Read that again: from 8 percent--pretty infrequently--to 70 percent, or rule of the day. (These data come from Sinclair and from her chapter in CQ Press's Congress Reconsidered.)

More anecdotally, Ezra Klein posts a December, 1964 Johnson White House memorandum that neatly illustrates how things have changed. In the memo one LBJ aide notes to another that due to senate seat pick-ups in the 1964 elections, Medicare seemed likely to pass with a vote of 55 to 45. Ezra adds:

"We would win by a vote of 55 to 45." Phil Schiliro would not write that letter to David Plouffe today. There would be no vote of 55 to 45, because the filibuster would forestall the vote. The fact that 55 Democrats support a controversial bill would be immaterial unless there was some strategy for attracting five more senators to the side of the administration.
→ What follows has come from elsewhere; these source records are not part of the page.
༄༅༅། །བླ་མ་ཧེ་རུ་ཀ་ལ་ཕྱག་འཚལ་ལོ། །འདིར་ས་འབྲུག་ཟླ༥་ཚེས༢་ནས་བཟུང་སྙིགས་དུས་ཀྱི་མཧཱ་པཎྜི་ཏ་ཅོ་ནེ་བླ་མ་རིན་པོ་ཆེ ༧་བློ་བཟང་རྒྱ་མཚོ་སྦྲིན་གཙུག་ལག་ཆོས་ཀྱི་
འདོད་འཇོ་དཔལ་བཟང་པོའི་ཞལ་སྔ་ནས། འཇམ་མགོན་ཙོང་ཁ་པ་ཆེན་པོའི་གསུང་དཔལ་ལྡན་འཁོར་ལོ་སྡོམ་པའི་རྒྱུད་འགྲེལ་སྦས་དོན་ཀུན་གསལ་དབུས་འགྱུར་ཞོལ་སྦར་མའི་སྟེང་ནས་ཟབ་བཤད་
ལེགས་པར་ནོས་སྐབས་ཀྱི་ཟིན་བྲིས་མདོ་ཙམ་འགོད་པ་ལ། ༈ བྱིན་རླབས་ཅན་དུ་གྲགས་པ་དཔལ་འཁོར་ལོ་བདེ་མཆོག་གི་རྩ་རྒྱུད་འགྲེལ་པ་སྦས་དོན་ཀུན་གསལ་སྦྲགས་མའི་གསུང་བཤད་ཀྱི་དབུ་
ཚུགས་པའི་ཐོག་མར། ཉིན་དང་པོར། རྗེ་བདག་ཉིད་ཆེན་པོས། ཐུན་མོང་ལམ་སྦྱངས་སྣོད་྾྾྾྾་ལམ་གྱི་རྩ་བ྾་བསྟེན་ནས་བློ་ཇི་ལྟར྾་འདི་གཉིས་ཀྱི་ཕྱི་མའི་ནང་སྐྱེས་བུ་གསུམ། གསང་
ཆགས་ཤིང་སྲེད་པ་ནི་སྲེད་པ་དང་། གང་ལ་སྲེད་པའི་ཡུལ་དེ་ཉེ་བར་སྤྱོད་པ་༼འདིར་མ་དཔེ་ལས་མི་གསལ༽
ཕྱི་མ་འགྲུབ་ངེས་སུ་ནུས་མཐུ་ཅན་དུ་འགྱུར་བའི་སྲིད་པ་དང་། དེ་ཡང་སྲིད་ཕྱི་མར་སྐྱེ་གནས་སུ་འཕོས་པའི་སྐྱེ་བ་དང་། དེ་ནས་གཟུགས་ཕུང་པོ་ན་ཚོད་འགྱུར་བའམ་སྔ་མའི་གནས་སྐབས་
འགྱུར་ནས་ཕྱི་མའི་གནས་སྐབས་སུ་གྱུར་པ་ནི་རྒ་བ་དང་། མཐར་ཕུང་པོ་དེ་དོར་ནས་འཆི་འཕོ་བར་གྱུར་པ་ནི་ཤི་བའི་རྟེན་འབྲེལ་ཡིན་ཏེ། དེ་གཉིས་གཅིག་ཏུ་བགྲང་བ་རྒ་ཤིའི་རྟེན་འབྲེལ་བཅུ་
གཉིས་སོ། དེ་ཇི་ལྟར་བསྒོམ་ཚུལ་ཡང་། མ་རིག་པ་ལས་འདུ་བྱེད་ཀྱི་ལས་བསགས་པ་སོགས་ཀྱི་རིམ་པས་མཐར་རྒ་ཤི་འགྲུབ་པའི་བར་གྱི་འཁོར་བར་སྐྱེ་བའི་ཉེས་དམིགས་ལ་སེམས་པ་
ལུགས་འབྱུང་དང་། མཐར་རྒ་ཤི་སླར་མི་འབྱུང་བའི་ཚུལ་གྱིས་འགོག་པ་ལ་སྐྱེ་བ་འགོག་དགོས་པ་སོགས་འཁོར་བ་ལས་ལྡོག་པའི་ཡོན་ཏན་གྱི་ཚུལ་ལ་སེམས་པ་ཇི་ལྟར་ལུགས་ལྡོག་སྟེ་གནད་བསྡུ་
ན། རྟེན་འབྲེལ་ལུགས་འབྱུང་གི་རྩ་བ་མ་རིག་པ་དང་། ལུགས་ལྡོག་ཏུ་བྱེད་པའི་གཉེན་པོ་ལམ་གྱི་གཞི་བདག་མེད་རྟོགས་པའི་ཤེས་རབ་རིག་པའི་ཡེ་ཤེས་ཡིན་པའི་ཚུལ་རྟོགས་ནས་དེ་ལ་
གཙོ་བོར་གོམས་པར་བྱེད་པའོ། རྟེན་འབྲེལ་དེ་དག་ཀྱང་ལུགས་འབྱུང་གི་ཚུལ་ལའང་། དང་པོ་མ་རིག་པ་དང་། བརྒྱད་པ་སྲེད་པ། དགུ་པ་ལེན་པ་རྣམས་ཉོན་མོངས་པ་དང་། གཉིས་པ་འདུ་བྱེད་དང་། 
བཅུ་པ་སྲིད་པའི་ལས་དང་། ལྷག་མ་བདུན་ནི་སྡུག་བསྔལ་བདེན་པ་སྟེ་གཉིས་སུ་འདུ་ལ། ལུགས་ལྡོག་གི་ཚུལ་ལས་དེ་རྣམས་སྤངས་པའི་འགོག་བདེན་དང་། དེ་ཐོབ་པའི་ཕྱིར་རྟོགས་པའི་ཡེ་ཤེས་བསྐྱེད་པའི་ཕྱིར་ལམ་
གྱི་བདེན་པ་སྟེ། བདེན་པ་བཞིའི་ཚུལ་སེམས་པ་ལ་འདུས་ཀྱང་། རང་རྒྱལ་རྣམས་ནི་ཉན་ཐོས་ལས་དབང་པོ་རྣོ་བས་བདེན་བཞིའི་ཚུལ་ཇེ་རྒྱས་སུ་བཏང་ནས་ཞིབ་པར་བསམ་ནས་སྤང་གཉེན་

But in Johnson's time, it wasn't that way. And good thing, too. Until 1975, it took 67 votes, not 60, to break a filibuster. If the Senate had operated under a de facto 67 votes rule, little would have been done, because so much could have been stopped. Medicare eventually passed with 68 votes, but that was in part because it was going to pass, and bills that pass attract more votes than they would otherwise get. (It's also, as political scientists argue , because the country was less polarized, and the minority did not see blocking legislation as its primary path to power, or as the primary demand of its base.)

The American Prospect's Mark Schmitt traces the rise of the filibuster, noting how both custom has changed (making it more acceptable to filibuster) and how the parties have changed (becoming more ideologically homogenous, making it easier to organize and hold together a filibuster). (h/t again to Klein for flagging the piece)

So what to do? Before trying to change the rules (and either trying to abolish the filibuster or lowering the threshold to, say, 55 votes), Democrats should go to the mattresses and make filibusters real again. You could say that contemporary filibusters are all talk, or are no talk at all. Filibusters today are actually just the threat of filibusters. No one actually gets up and holds the senate floor for marathon sessions. Democrats should force the GOP to start literally talking bills to death. See how that works both in terms of public perception and legislative gumption.

But progressives shouldn't be too hasty to forcibly curtail this legislative minority right. Republicans will at some point in the future have the majority again and Democrats would miss the filibuster were it gone.